Listed records:
┄┄┄┄┄┄┄┄┄┄
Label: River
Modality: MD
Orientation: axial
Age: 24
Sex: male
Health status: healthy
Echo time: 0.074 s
┄┄┄┄┄┄┄┄┄┄
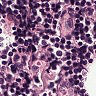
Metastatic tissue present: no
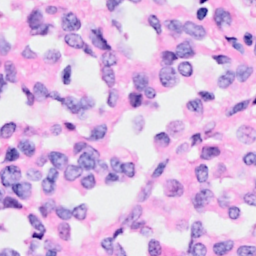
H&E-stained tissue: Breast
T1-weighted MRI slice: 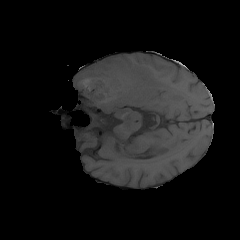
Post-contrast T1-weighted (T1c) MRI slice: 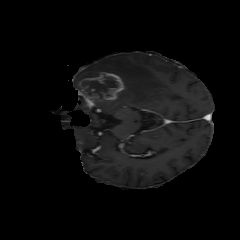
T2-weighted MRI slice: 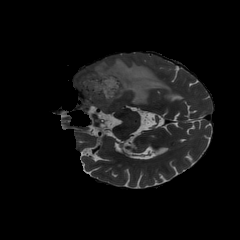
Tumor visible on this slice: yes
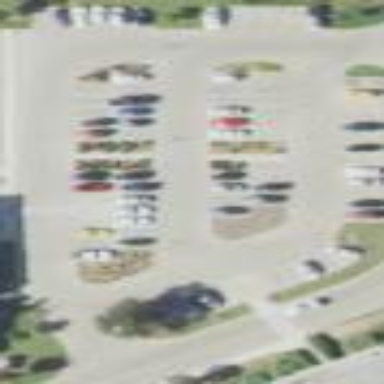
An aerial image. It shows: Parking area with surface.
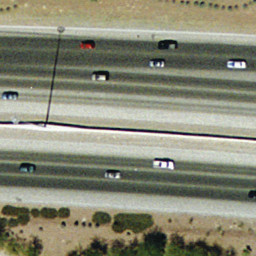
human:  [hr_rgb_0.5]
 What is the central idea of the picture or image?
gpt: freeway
┄┄┄┄┄┄┄┄┄┄
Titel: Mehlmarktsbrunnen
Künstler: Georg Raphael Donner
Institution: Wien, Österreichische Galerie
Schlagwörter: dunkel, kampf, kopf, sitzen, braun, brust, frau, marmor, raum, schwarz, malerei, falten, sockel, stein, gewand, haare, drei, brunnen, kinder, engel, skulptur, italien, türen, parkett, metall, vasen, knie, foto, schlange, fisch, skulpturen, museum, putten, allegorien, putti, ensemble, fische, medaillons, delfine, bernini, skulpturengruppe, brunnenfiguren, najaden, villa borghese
┄┄┄┄┄┄┄┄┄┄
Exercise aim:
Please copy out each line of the listing above that contains the string "image".

Your solution:
An aerial image. It shows: Parking area with surface.
 What is the central idea of the picture or image?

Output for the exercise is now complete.